── Data extracts
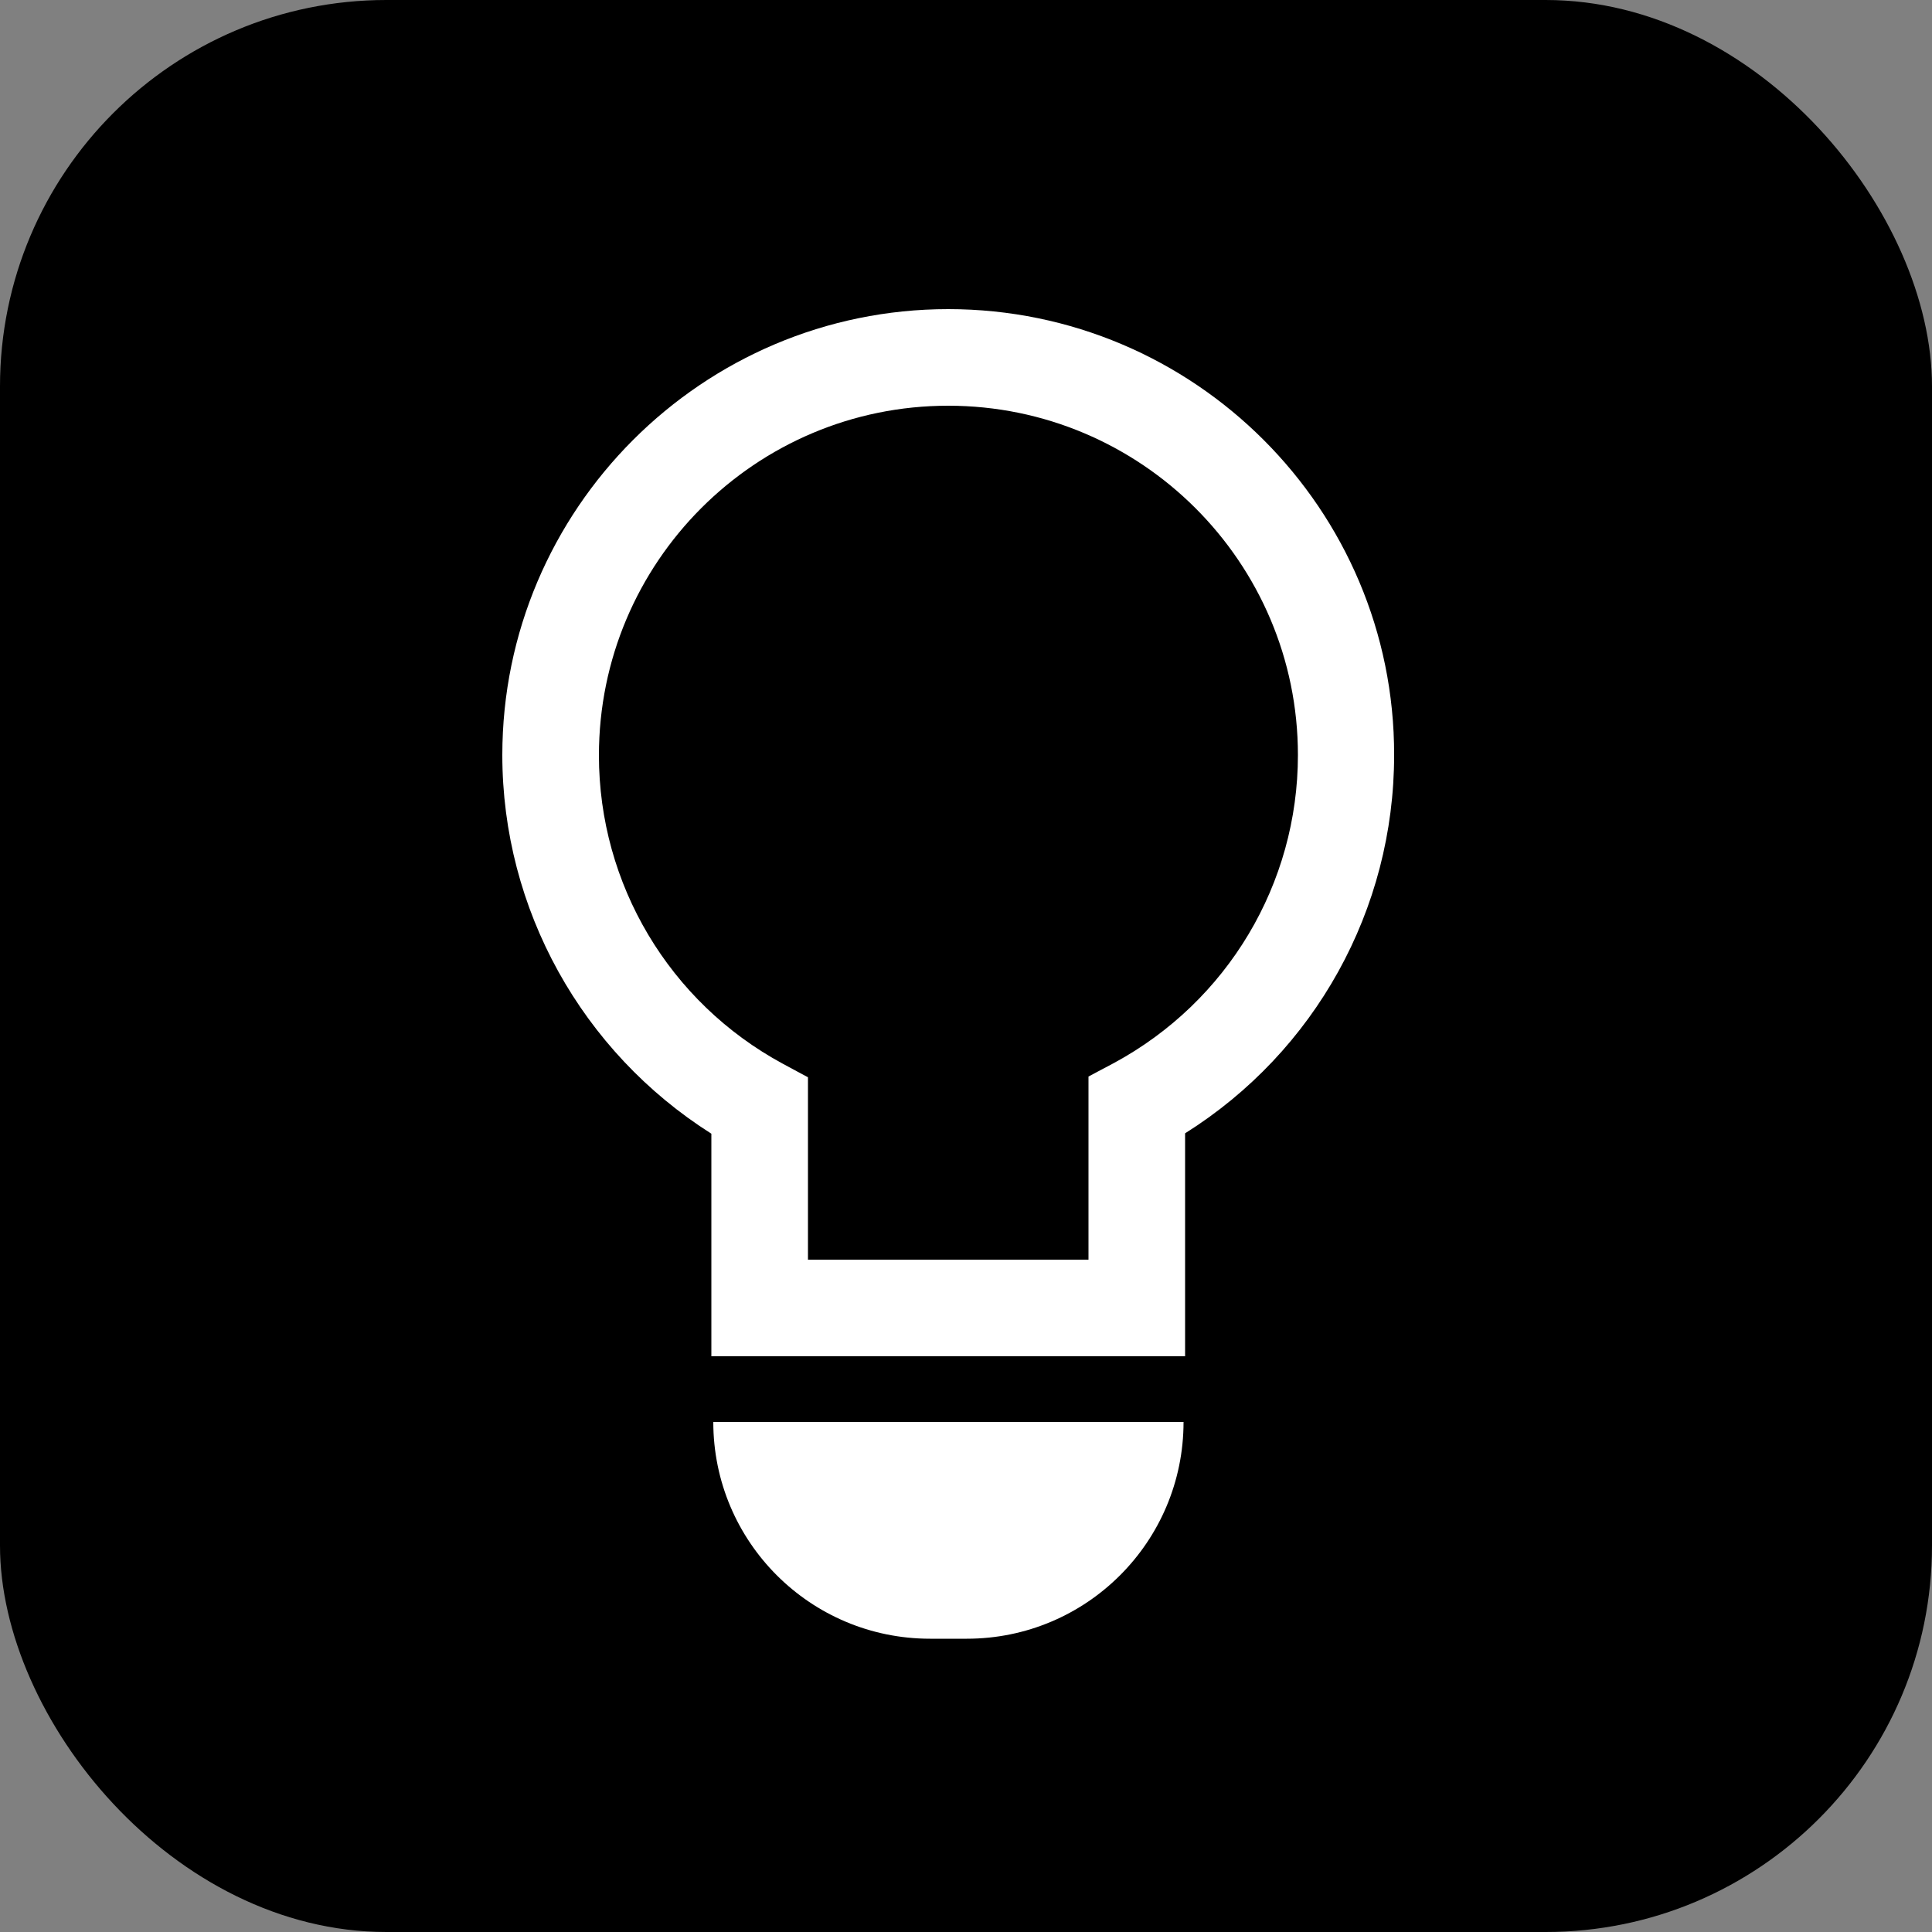 <?xml version="1.0" encoding="UTF-8"?>
<svg xmlns="http://www.w3.org/2000/svg" width="50" height="50" viewBox="0 0 50 50" fill="none">
  <rect x="0" y="0" width="50" height="50" fill="#808080" stroke="none"/>
  <rect width="50" height="50" rx="10" fill="black"></rect>
  <path d="M24.54 8C18.18 8 13 13.18 13 19.54C13 23.53 15.06 27.22 18.41 29.34V35.1H30.67V29.33C34.03 27.22 36.08 23.54 36.08 19.54C36.09 13.18 30.91 8 24.54 8ZM28.83 27.51L28.17 27.86V32.6H20.91V27.88L20.26 27.53C17.32 25.94 15.5 22.88 15.5 19.55C15.5 14.55 19.55 10.5 24.54 10.5C29.53 10.5 33.59 14.55 33.59 19.54C33.59 22.87 31.77 25.92 28.83 27.51Z" fill="white"></path>
  <path d="M24.07 42.41H25.02C28.12 42.41 30.63 39.9 30.63 36.8H18.46C18.46 39.9 20.97 42.41 24.07 42.41Z" fill="white"></path>
</svg>
────
• [About this exercise]: Would you copy out every entry above word for word, without the pictures?

• [Completed exercise]:
 <?xml version="1.0" encoding="UTF-8"?>
<svg xmlns="http://www.w3.org/2000/svg" width="50" height="50" viewBox="0 0 50 50" fill="none">
  <rect x="0" y="0" width="50" height="50" fill="#808080" stroke="none"/>
  <rect width="50" height="50" rx="10" fill="black"></rect>
  <path d="M24.54 8C18.18 8 13 13.18 13 19.54C13 23.53 15.06 27.22 18.41 29.34V35.1H30.67V29.33C34.03 27.22 36.08 23.54 36.08 19.54C36.09 13.18 30.91 8 24.54 8ZM28.83 27.51L28.17 27.86V32.6H20.91V27.88L20.26 27.53C17.32 25.94 15.5 22.88 15.5 19.55C15.5 14.55 19.55 10.5 24.54 10.5C29.53 10.5 33.59 14.55 33.59 19.54C33.59 22.87 31.77 25.92 28.83 27.51Z" fill="white"></path>
  <path d="M24.07 42.41H25.02C28.12 42.41 30.63 39.9 30.63 36.8H18.46C18.46 39.9 20.97 42.41 24.07 42.41Z" fill="white"></path>
</svg>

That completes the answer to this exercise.